◆ Aim of the exercise
For this exercise, write out each entry below exactly, omitting the images.

________________________________________

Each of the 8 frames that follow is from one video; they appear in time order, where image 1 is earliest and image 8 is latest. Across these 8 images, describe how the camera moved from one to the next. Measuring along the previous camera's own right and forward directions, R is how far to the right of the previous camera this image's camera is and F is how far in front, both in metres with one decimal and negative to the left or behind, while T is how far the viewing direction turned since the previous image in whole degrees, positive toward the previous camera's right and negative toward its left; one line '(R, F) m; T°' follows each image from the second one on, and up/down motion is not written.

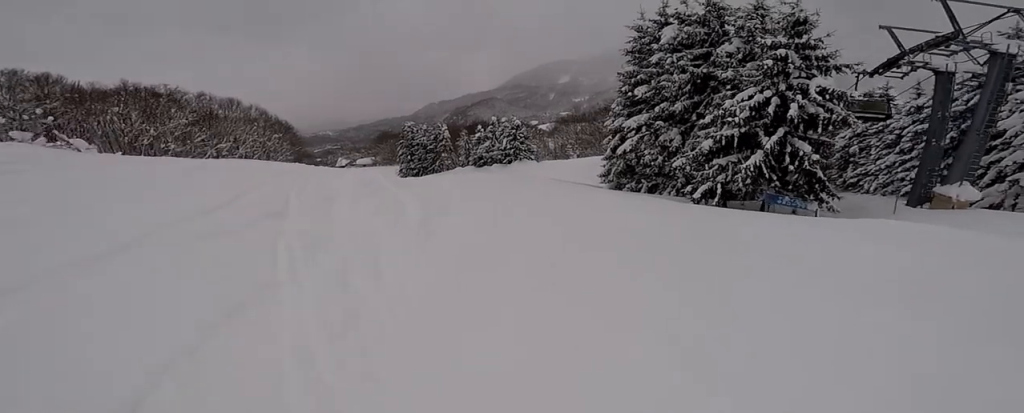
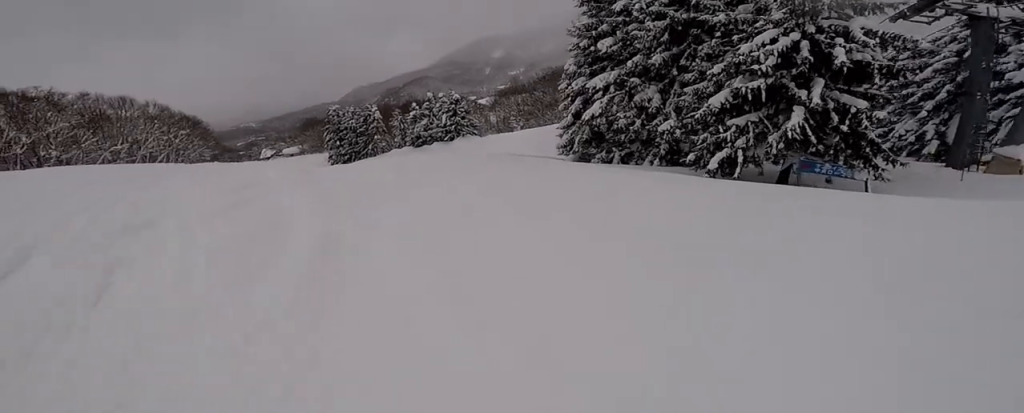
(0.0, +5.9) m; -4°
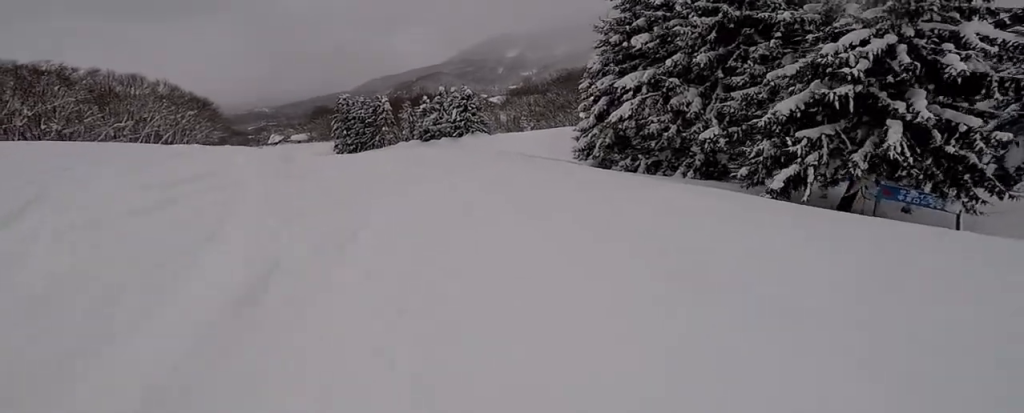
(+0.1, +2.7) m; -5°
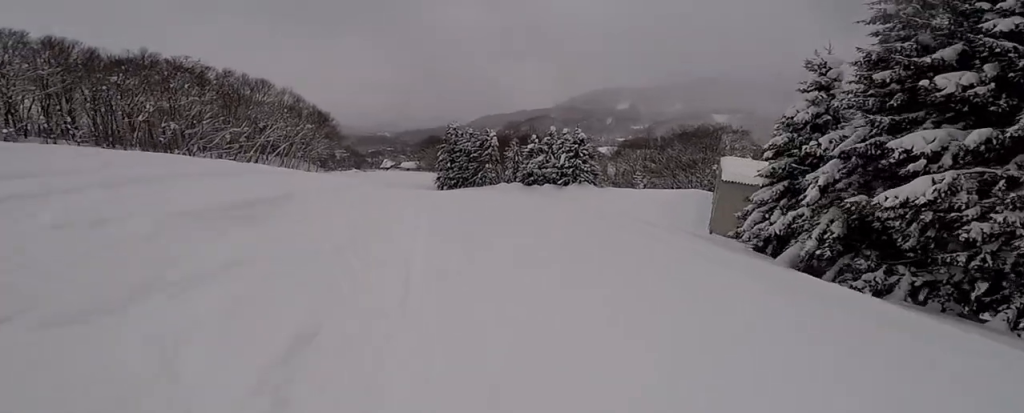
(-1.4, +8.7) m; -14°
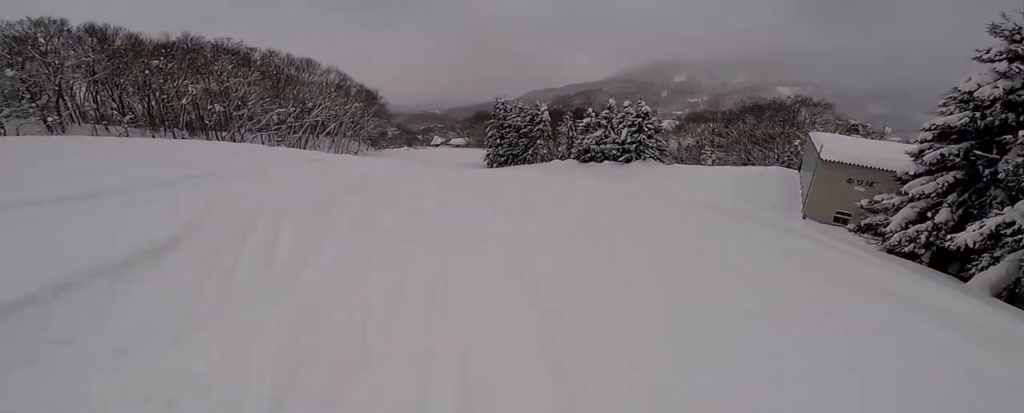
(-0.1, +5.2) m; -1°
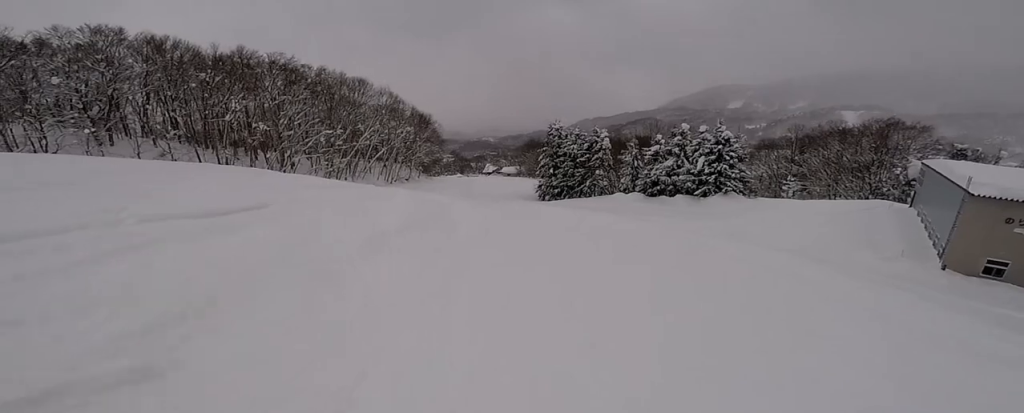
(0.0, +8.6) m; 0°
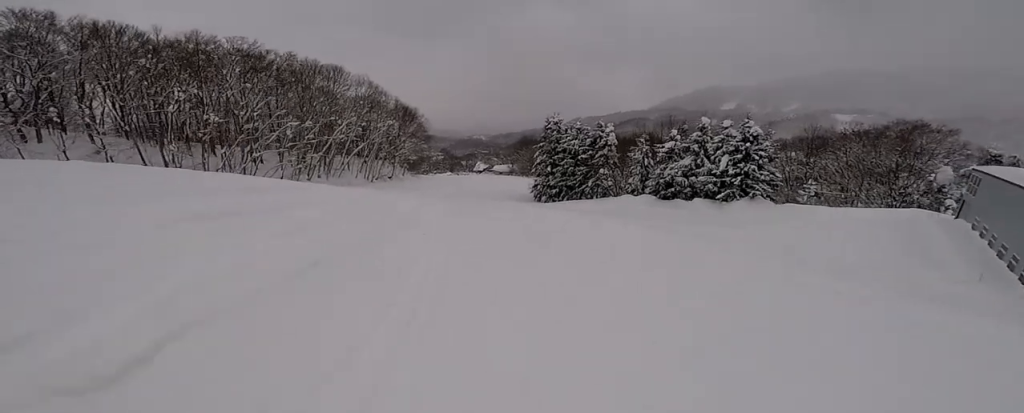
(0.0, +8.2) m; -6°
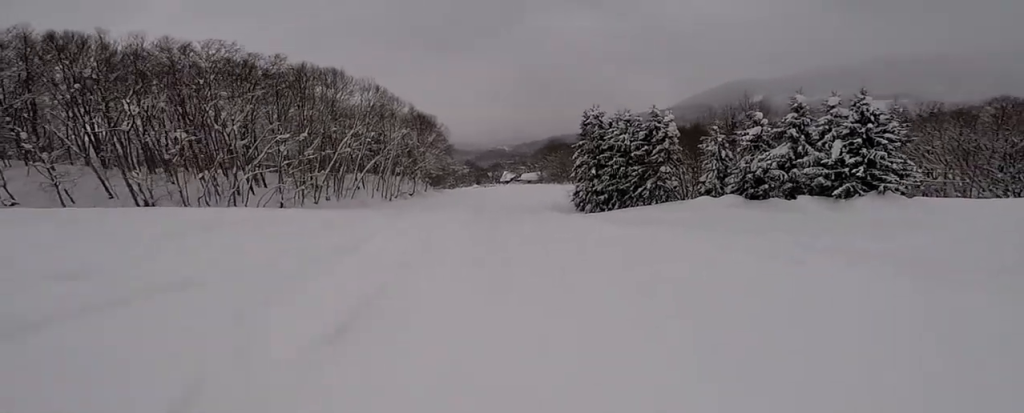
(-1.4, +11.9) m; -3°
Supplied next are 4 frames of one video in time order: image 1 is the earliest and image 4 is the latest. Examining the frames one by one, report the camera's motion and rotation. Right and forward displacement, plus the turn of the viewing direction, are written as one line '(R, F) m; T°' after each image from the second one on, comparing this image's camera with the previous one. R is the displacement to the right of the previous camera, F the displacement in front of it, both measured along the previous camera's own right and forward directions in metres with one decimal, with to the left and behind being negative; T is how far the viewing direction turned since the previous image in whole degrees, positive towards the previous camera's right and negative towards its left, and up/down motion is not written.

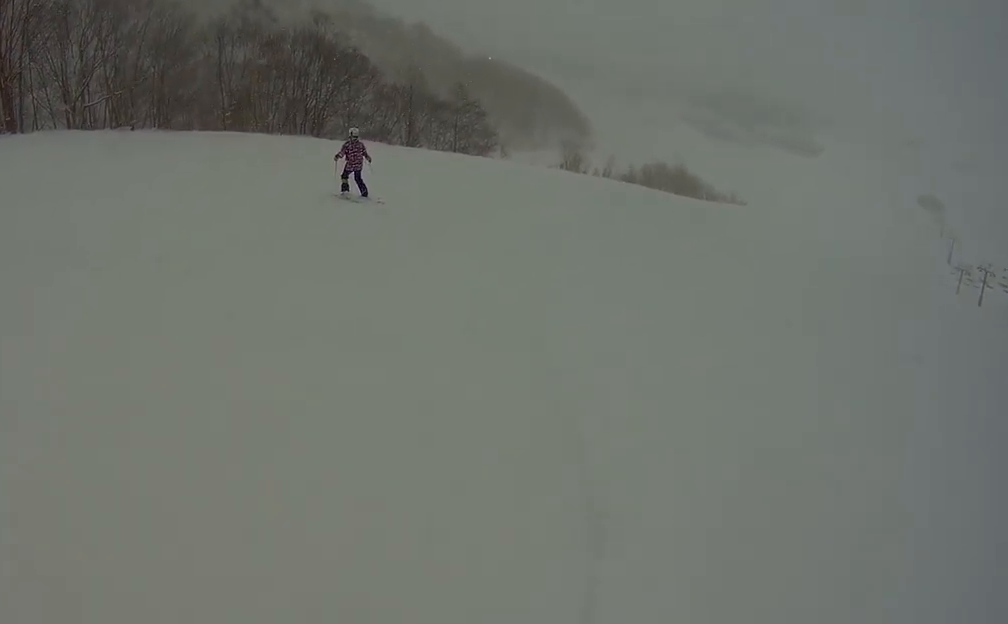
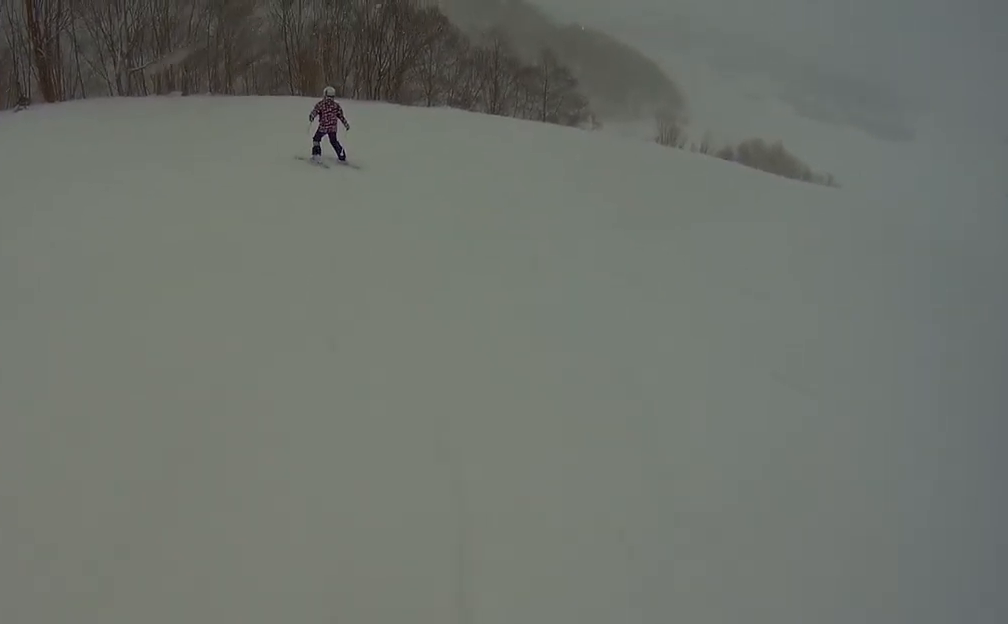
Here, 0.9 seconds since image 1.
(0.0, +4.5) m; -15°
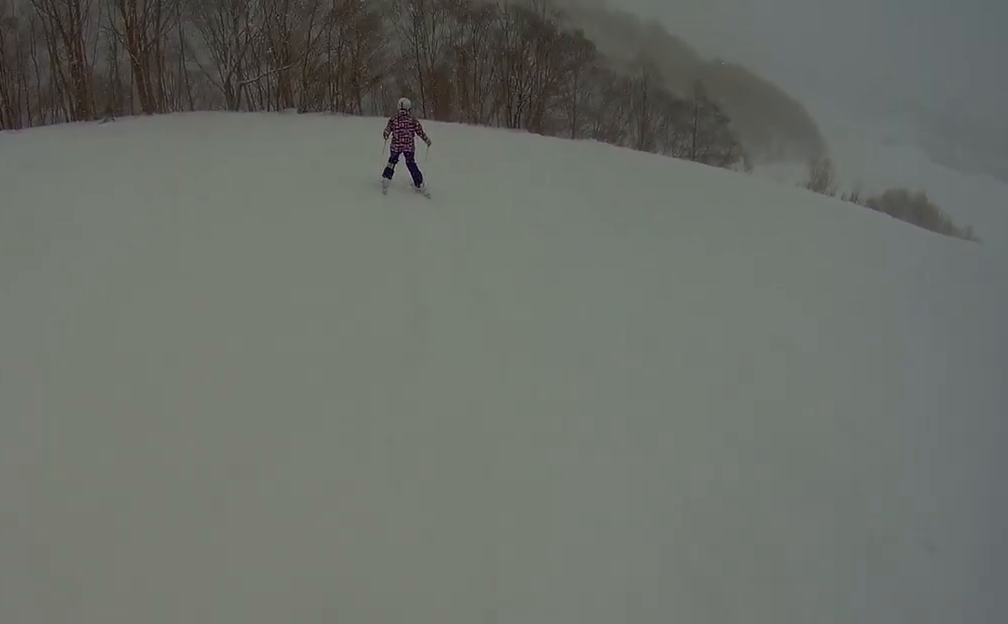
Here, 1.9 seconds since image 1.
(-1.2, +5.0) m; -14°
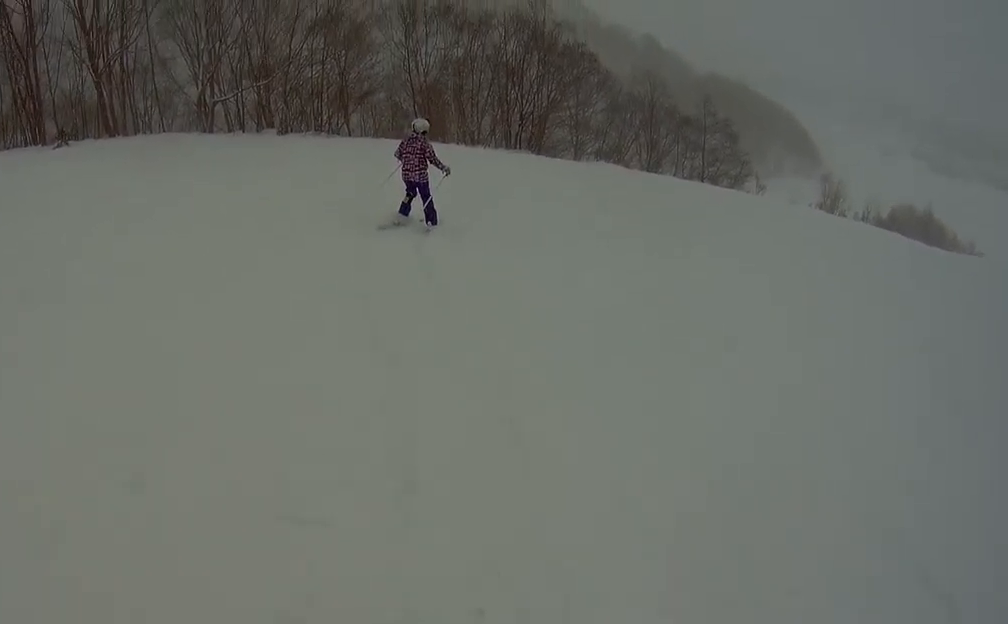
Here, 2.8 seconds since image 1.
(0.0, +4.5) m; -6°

________________________________________

◆ Response to the exercise
Each of the 8 frames that follow is from one video; they appear in time order, where image 1 is earliest and image 8 is latest. Across these 8 images, describe how the camera moved from one to the next. Measuring along the previous camera's own right and forward directions, R is how far to the right of the previous camera this image's camera is and F is how far in front, both in metres with one decimal and negative to the left or behind, while T is how far the viewing direction turned since the previous image in whole degrees, positive toward the previous camera's right and negative toward its left; one line '(R, F) m; T°' follows each image from the second one on, and up/down motion is not written.

(0.0, +5.9) m; -4°
(+0.1, +2.7) m; -5°
(-1.4, +8.7) m; -14°
(-0.1, +5.2) m; -1°
(0.0, +8.6) m; 0°
(0.0, +8.2) m; -6°
(-1.4, +11.9) m; -3°
Supplied next are 4 frames of one video in time order: image 1 is the earliest and image 4 is the latest. Examining the frames one by one, report the camera's motion and rotation. Right and forward displacement, plus the turn of the viewing direction, are written as one line '(R, F) m; T°' after each image from the second one on, comparing this image's camera with the previous one. R is the displacement to the right of the previous camera, F the displacement in front of it, both measured along the previous camera's own right and forward directions in metres with one decimal, with to the left and behind being negative; T is how far the viewing direction turned since the previous image in whole degrees, positive towards the previous camera's right and negative towards its left, and up/down motion is not written.

Here, 0.9 seconds since image 1.
(0.0, +4.5) m; -15°
Here, 1.9 seconds since image 1.
(-1.2, +5.0) m; -14°
Here, 2.8 seconds since image 1.
(0.0, +4.5) m; -6°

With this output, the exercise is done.